For applying the proposed methodology, the nexus index for various crops used in 1st generation biofuel production was calculated. In order to have a homogeneous and complete framework, avoiding the problems due to the differences in the used databases, the calculation was limited to 191 countries (eliminating incongruent data coming from countries with incomplete or unreliable statistical data). The number of available countries depends on the distribution of the crop in the world. The total number of countries with a calculated nexus index for each crop is shown in Table 2. The study is performed with the data referred to year 2014. Largely diffused crops like maize, rice, wheat and soybean have a large quantity of available data, because they are cultivated and used as feedstock for biofuels in most part of the considered countries. On the other hand, for less diffused cultivations, like Sorghum and Oil Palm, the number of countries in which the Nexus Index can be calculated is quite low. Table 2 also reports the localisation of the highest score for each considered crop. This depends on the area where the climate is most suitable for cultivation, but also on the efficiency of cultivation techniques. The maximum values attainable have a great variability (Fig. 2), with crops characterised by high maximum efficiency (especially Wheat) and crops with low maximum efficiency (e.g. sorghum). The method is designed to give excellent results when one country is highly efficient in all of the steps composing Nexus Index. This means that crops cultivated with minimum water requirement, maximum agricultural yield and without competing with food production will give high scores; mismanagement of only one of these steps strongly decreases the overall performance.

Table 2.

List of countries available for each crop and location of the maximum in nexus index.

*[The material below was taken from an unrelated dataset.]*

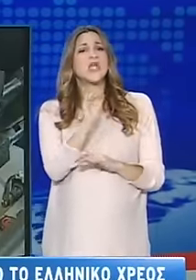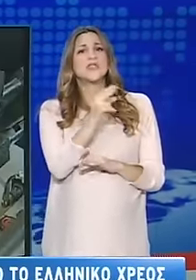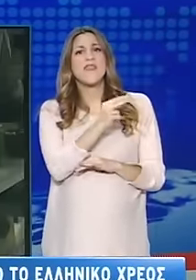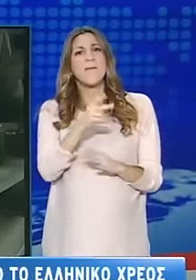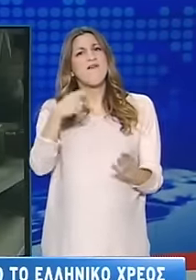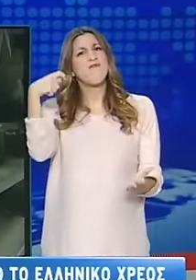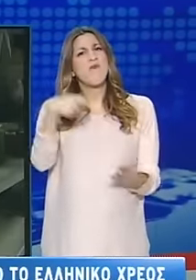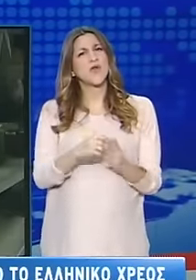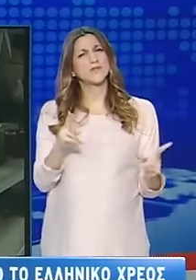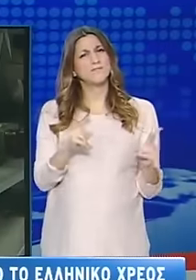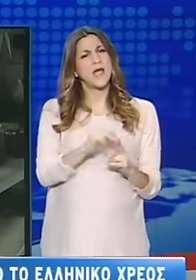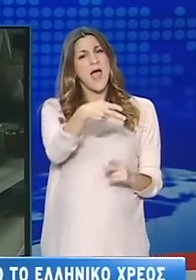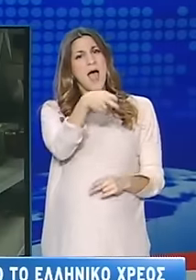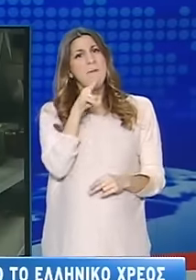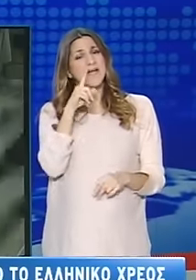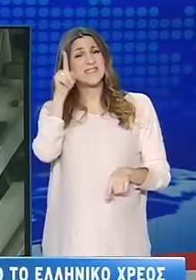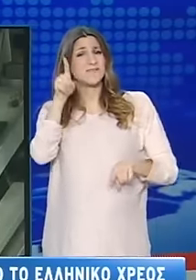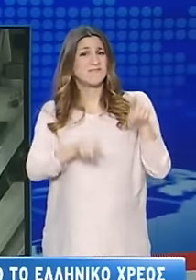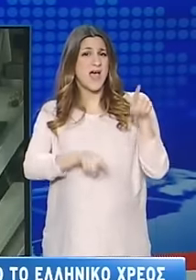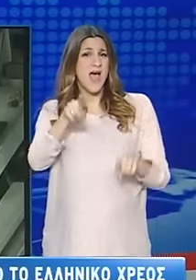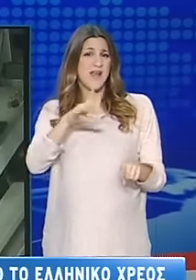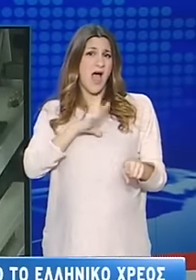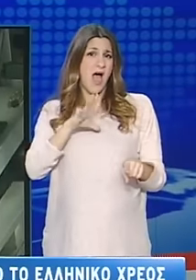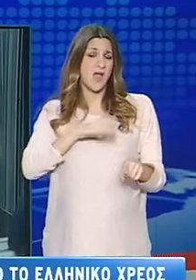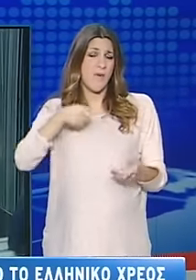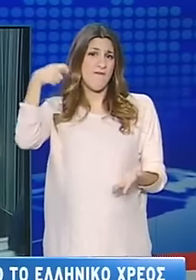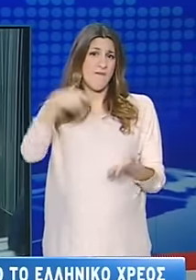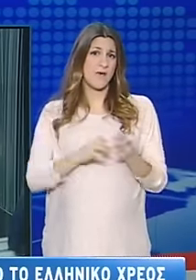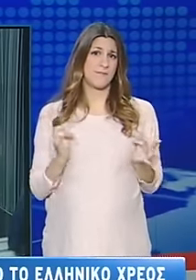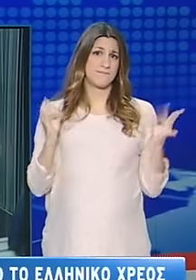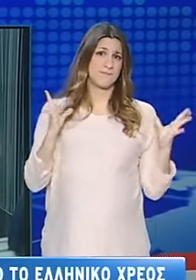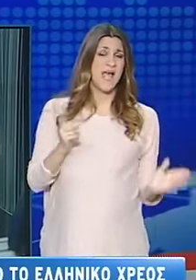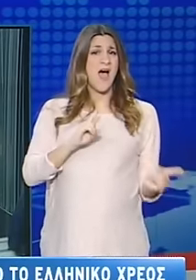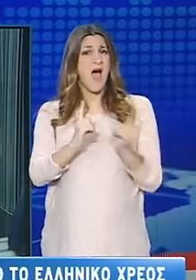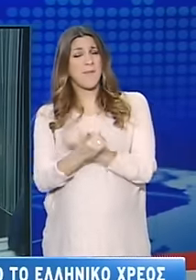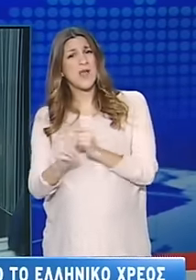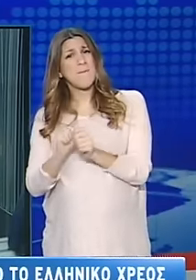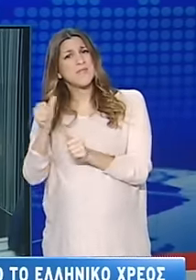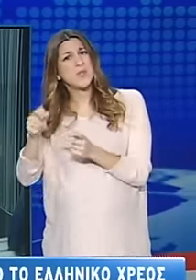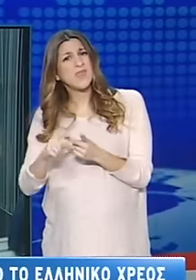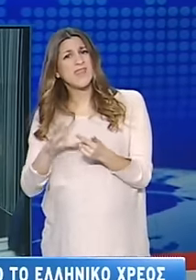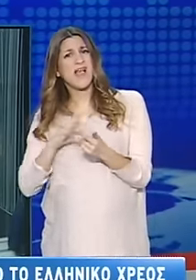διευκρίνησε πως υποφορολογούνται ορισμένες κατηγορίες, ενώ αντίθετα μισθωτοί και καταναλωτές σηκώνουν μεγάλα βάρη.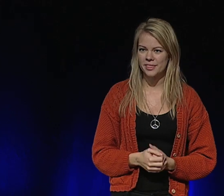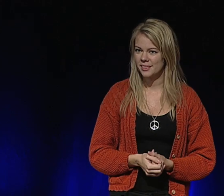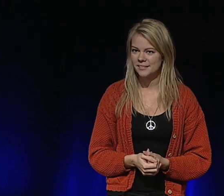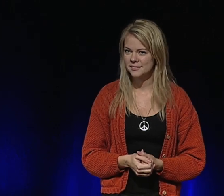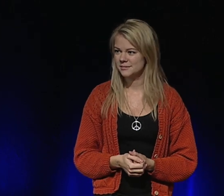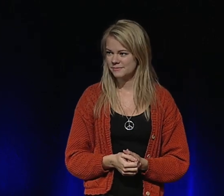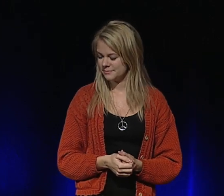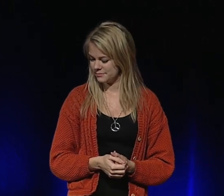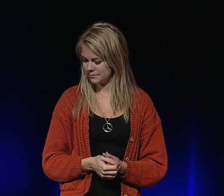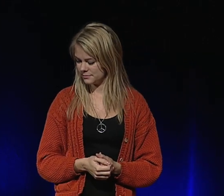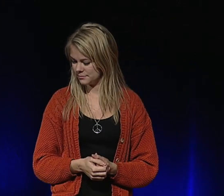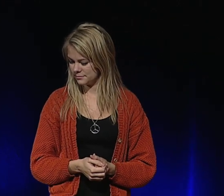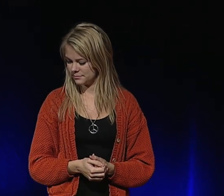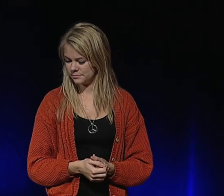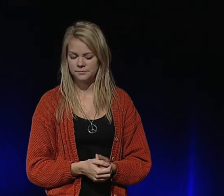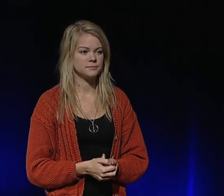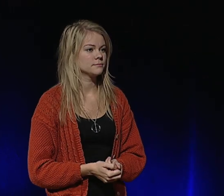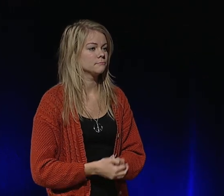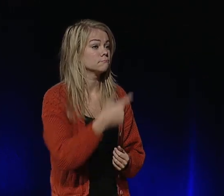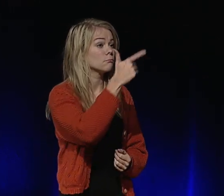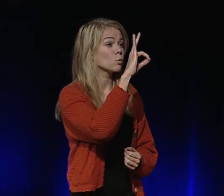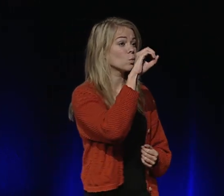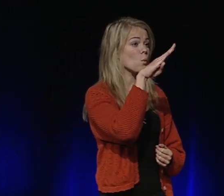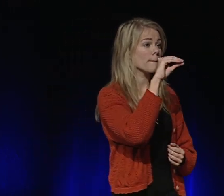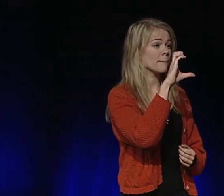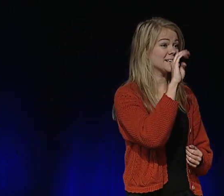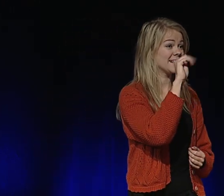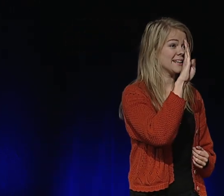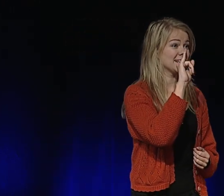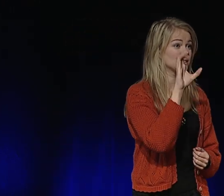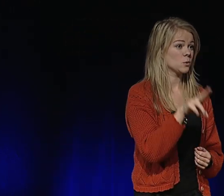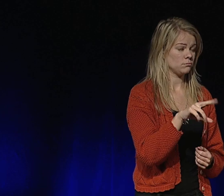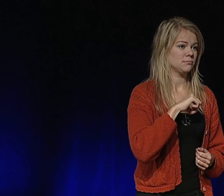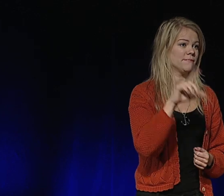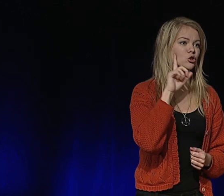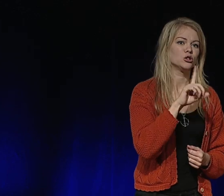samhället inte har råd att vara utan. Thomas Edison var döv.

Item No. of countries Maximum country
Wheat 110 Belgium
Maize 140 Belgium
Rice 100 China
Rye 58 Denmark
Sorghum 32 Algeria
Sugar beet 57 Mexico
Soybean 100 Algeria
Oil palm 50 Peru

Fig. 2.

Fig 2

Maximum Nexus Index values for the considered crops.

The most produced crops have in general the highest maximal efficiency. This is a natural consequence of the intensive research performed in the past to improve agricultural yield for these species (Fisher et al., 2002). On the other hand, some crops with low diffusion (e.g., Palm Oil) also score good results. This is mainly due to the high specialisation in these cultivations that some countries were able to establish in some cases due to the high profitability of such cash crops. The maxima are only representative of the global capability to reach good scores in the nexus index; to have a complete understanding of the world performance it is necessary to discuss the results in detail for the selected crop. As an example, results for maize are discussed in the following section. The results for the other crops (limited to the cases with more than 50 countries available) are reported as maps in the supplementary material. The results of the single elements of the proposed index can be compared with the indicators representing the components of the FEW nexus available in literature to verify the consistency of the results.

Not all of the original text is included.